アップサイクルは、本来は捨てられるはずの製品に新たな価値を与えて再生することで、「創造的再利用」とも呼ばれています。
デザインやアイデアによって付加価値が与えられることで、ものとしての寿命が長くなることも期待できるため、製品のアップグレードと捉えることもできます。
日本では、再利用する文化は古くから根付いていました。例えば、陶器などの割れやひびを漆でつなぎ、継ぎ目を金や銀で装飾する伝統技法「金継ぎ」は、室町時代から行われていたと言われます。「もったいない」は、今や世界の共通言語となった日本の文化です。
大量廃棄を生み出す大量生産、大量消費の社会に代わり、持続可能な社会への転換が差し迫った課題となっている今、アップサイクルがあらためて注目されています。
アップサイクルとリサイクルの違い
リサイクルは、廃棄されるものの中から使えるものを取り出し、原料や材料として再利用することです。

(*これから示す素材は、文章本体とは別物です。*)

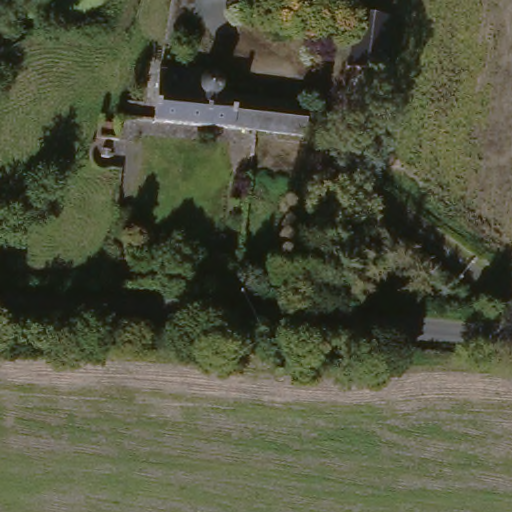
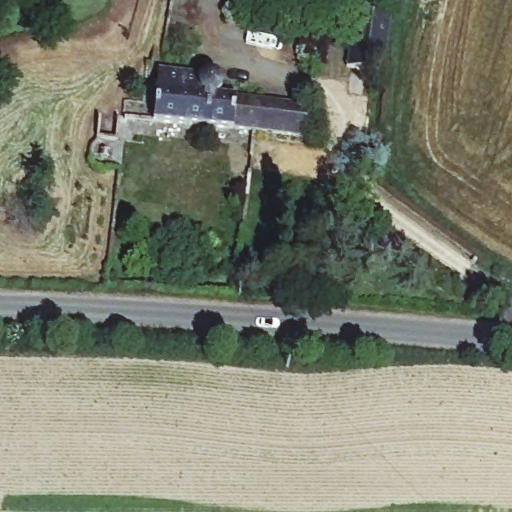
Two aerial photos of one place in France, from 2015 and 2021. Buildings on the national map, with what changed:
unchanged [(345,59),(353,7),(396,15),(388,63),(345,59)]
unchanged [(223,127),(152,120),(157,63),(227,69),(225,92),(314,102),(310,135),(223,127)]

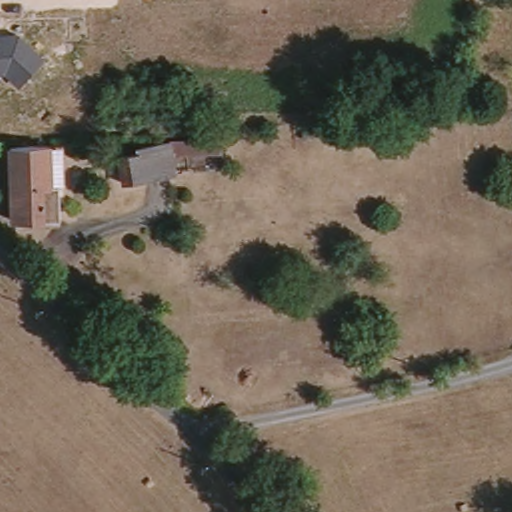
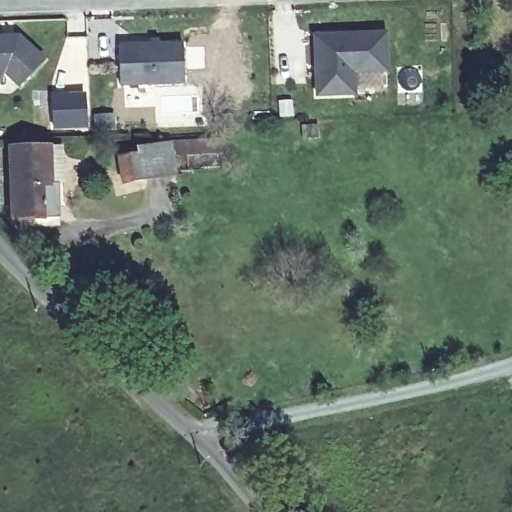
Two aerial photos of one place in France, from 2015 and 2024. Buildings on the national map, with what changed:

廃棄されるものを再利用するという点ではアップサイクルもリサイクルも同じですが、アップサイクルは原料や材料に戻すのではなく、元の製品の素材をそのまま生かすという特徴があります。
アップサイクルは、製品を原料に戻す際にエネルギーを必要とするリサイクルより、さらに持続可能な再利用の手法であると言えます。
リサイクルの代表例としては、ペットボトルを原料にした繊維で作られる衣類や、紙ごみから作る再生紙、トイレットペーパーなどがあります。